### Task details
Once the line with "#12163 = CARTESIAN_POINT" is found in the entries below, print it and each following line exactly, stopping after the line with "#18217 = EDGE_CURVE"; print nothing else.

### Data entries
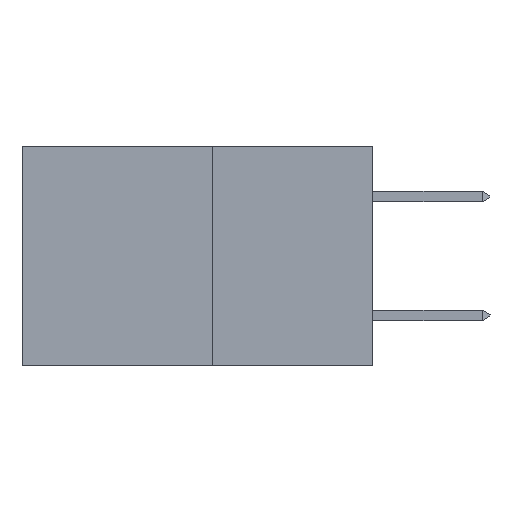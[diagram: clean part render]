
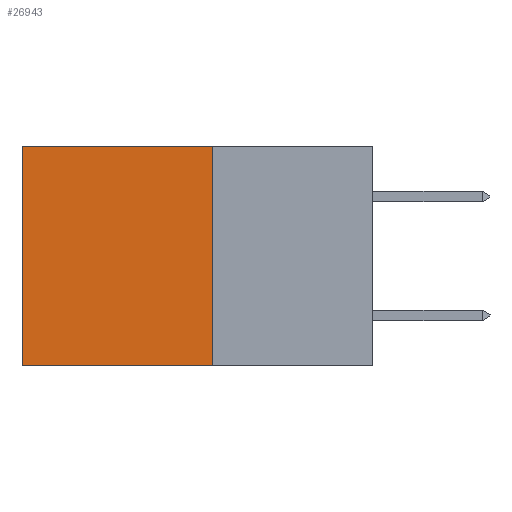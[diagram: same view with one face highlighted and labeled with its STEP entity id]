
A CAD part, left-side view. The second image highlights one B-rep face of the part: STEP entity #26943.
In plain terms, the highlighted planar face has unit normal (-1, 0, 0).
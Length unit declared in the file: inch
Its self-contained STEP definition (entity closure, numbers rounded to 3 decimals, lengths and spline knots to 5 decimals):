
#889 = CARTESIAN_POINT ( 'NONE',  ( 0.277, 0.59, -0.37 ) ) ;
#4610 = VECTOR ( 'NONE', #9514, 39.37008 ) ;
#4776 = ORIENTED_EDGE ( 'NONE', *, *, #18217, .T. ) ;
#6914 = CARTESIAN_POINT ( 'NONE',  ( 0.277, 0.27, -0.37 ) ) ;
#6919 = VECTOR ( 'NONE', #23054, 39.37008 ) ;
#7161 = EDGE_LOOP ( 'NONE', ( #4776, #33049, #10704, #27858 ) ) ;
#7325 = EDGE_CURVE ( 'NONE', #14247, #29361, #32356, .T. ) ;
#7895 = VERTEX_POINT ( 'NONE', #12163 ) ;
#8023 = AXIS2_PLACEMENT_3D ( 'NONE', #23438, #26298, #9962 ) ;
#9514 = DIRECTION ( 'NONE',  ( 0., 1., 0. ) ) ;
#9575 = FACE_OUTER_BOUND ( 'NONE', #7161, .T. ) ;
#9962 = DIRECTION ( 'NONE',  ( 0., 0., -1. ) ) ;
#10704 = ORIENTED_EDGE ( 'NONE', *, *, #7325, .F. ) ;
#12163 = CARTESIAN_POINT ( 'NONE',  ( 0.277, 0.59, 0. ) ) ;
#14247 = VERTEX_POINT ( 'NONE', #23437 ) ;
#14255 = LINE ( 'NONE', #31720, #33449 ) ;
#15380 = DIRECTION ( 'NONE',  ( 0., 1., 0. ) ) ;
#17722 = EDGE_CURVE ( 'NONE', #29361, #21398, #14255, .T. ) ;
#18217 = EDGE_CURVE ( 'NONE', #7895, #21398, #21393, .T. ) ;
#20266 = CARTESIAN_POINT ( 'NONE',  ( 0.277, 0.59, -0.37 ) ) ;
#20776 = PLANE ( 'NONE',  #8023 ) ;
#21393 = LINE ( 'NONE', #20266, #6919 ) ;
#21398 = VERTEX_POINT ( 'NONE', #889 ) ;
#23054 = DIRECTION ( 'NONE',  ( 0., 0., -1. ) ) ;
#23437 = CARTESIAN_POINT ( 'NONE',  ( 0.277, 0.27, 0. ) ) ;
#23438 = CARTESIAN_POINT ( 'NONE',  ( 0.277, 0.27, -0.37 ) ) ;
#23564 = DIRECTION ( 'NONE',  ( 0., 0., -1. ) ) ;
#23834 = CARTESIAN_POINT ( 'NONE',  ( 0.277, 0.27, -0.37 ) ) ;
#25108 = VECTOR ( 'NONE', #23564, 39.37008 ) ;
#25972 = CARTESIAN_POINT ( 'NONE',  ( 0.277, 0.27, 0. ) ) ;
#26298 = DIRECTION ( 'NONE',  ( 1., 0., 0. ) ) ;
#26943 = ADVANCED_FACE ( 'NONE', ( #9575 ), #20776, .F. ) ;
#27858 = ORIENTED_EDGE ( 'NONE', *, *, #34849, .T. ) ;
#29361 = VERTEX_POINT ( 'NONE', #6914 ) ;
#31720 = CARTESIAN_POINT ( 'NONE',  ( 0.277, 0.27, -0.37 ) ) ;
#32356 = LINE ( 'NONE', #23834, #25108 ) ;
#33049 = ORIENTED_EDGE ( 'NONE', *, *, #17722, .F. ) ;
#33449 = VECTOR ( 'NONE', #15380, 39.37008 ) ;
#34494 = LINE ( 'NONE', #25972, #4610 ) ;
#34849 = EDGE_CURVE ( 'NONE', #14247, #7895, #34494, .T. ) ;
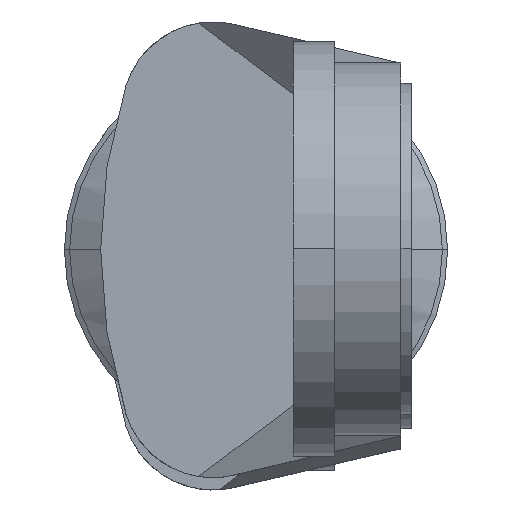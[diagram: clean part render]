
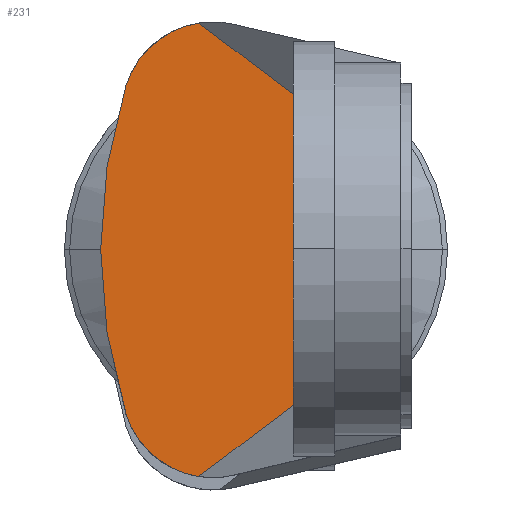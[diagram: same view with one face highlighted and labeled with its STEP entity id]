
A CAD part, top view. The second image highlights one B-rep face of the part: STEP entity #231.
In plain terms, the highlighted planar face has unit normal (0, 0, 1).
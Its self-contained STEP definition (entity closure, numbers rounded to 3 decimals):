
#231=ADVANCED_FACE('',(#564),#563,.F.);
#563=PLANE('',#1261);
#564=FACE_OUTER_BOUND('',#1262,.T.);
#1258=CARTESIAN_POINT('',(5.058,-13.136,92.2));
#1259=DIRECTION('',(0.,0.,-1.));
#1260=DIRECTION('',(-1.,0.,0.));
#1261=AXIS2_PLACEMENT_3D('',#1258,#1259,#1260);
#1262=EDGE_LOOP('',(#1889,#1890,#1891,#1892,#1893,#1894));
#1889=ORIENTED_EDGE('',*,*,#2224,.F.);
#1890=ORIENTED_EDGE('',*,*,#2241,.F.);
#1891=ORIENTED_EDGE('',*,*,#2242,.F.);
#1892=ORIENTED_EDGE('',*,*,#2235,.F.);
#1893=ORIENTED_EDGE('',*,*,#2225,.F.);
#1894=ORIENTED_EDGE('',*,*,#2201,.F.);
#2201=EDGE_CURVE('',#2642,#2649,#2650,.T.);
#2224=EDGE_CURVE('',#2799,#2642,#2806,.T.);
#2225=EDGE_CURVE('',#2649,#2812,#2813,.T.);
#2235=EDGE_CURVE('',#2812,#2878,#2879,.T.);
#2241=EDGE_CURVE('',#2911,#2799,#2918,.T.);
#2242=EDGE_CURVE('',#2878,#2911,#2924,.T.);
#2642=VERTEX_POINT('',#3857);
#2649=VERTEX_POINT('',#3861);
#2650=CIRCLE('',#3865,26.323);
#2799=VERTEX_POINT('',#3960);
#2806=CIRCLE('',#3967,4.397);
#2812=VERTEX_POINT('',#3968);
#2813=CIRCLE('',#3972,4.397);
#2878=VERTEX_POINT('',#4005);
#2879=LINE('',#4006,#4007);
#2911=VERTEX_POINT('',#4023);
#2918=LINE('',#4027,#4028);
#2924=LINE('',#4030,#4031);
#3857=CARTESIAN_POINT('',(-6.278,-7.927,92.2));
#3861=CARTESIAN_POINT('',(-6.278,7.927,92.2));
#3862=CARTESIAN_POINT('',(18.823,0.,92.2));
#3863=DIRECTION('',(0.,0.,-1.));
#3864=DIRECTION('',(1.,0.,0.));
#3865=AXIS2_PLACEMENT_3D('',#3862,#3863,#3864);
#3960=CARTESIAN_POINT('',(-2.766,-10.947,92.2));
#3964=CARTESIAN_POINT('',(-2.085,-6.603,92.2));
#3965=DIRECTION('',(0.,0.,-1.));
#3966=DIRECTION('',(1.,0.,0.));
#3967=AXIS2_PLACEMENT_3D('',#3964,#3965,#3966);
#3968=CARTESIAN_POINT('',(-2.766,10.947,92.2));
#3969=CARTESIAN_POINT('',(-2.085,6.603,92.2));
#3970=DIRECTION('',(0.,0.,-1.));
#3971=DIRECTION('',(1.,0.,0.));
#3972=AXIS2_PLACEMENT_3D('',#3969,#3970,#3971);
#4005=CARTESIAN_POINT('',(3.8,6.,92.2));
#4006=CARTESIAN_POINT('',(-2.766,10.947,92.2));
#4007=VECTOR('',#4008,8.221);
#4008=DIRECTION('',(0.799,-0.602,0.));
#4023=CARTESIAN_POINT('',(3.8,-6.,92.2));
#4027=CARTESIAN_POINT('',(3.8,-6.,92.2));
#4028=VECTOR('',#4029,8.221);
#4029=DIRECTION('',(-0.799,-0.602,0.));
#4030=CARTESIAN_POINT('',(3.8,6.,92.2));
#4031=VECTOR('',#4032,12.);
#4032=DIRECTION('',(0.,-1.,0.));

### Result
#12163 = CARTESIAN_POINT ( 'NONE',  ( 0.277, 0.59, 0. ) ) ;
#14247 = VERTEX_POINT ( 'NONE', #23437 ) ;
#14255 = LINE ( 'NONE', #31720, #33449 ) ;
#15380 = DIRECTION ( 'NONE',  ( 0., 1., 0. ) ) ;
#17722 = EDGE_CURVE ( 'NONE', #29361, #21398, #14255, .T. ) ;
#18217 = EDGE_CURVE ( 'NONE', #7895, #21398, #21393, .T. ) ;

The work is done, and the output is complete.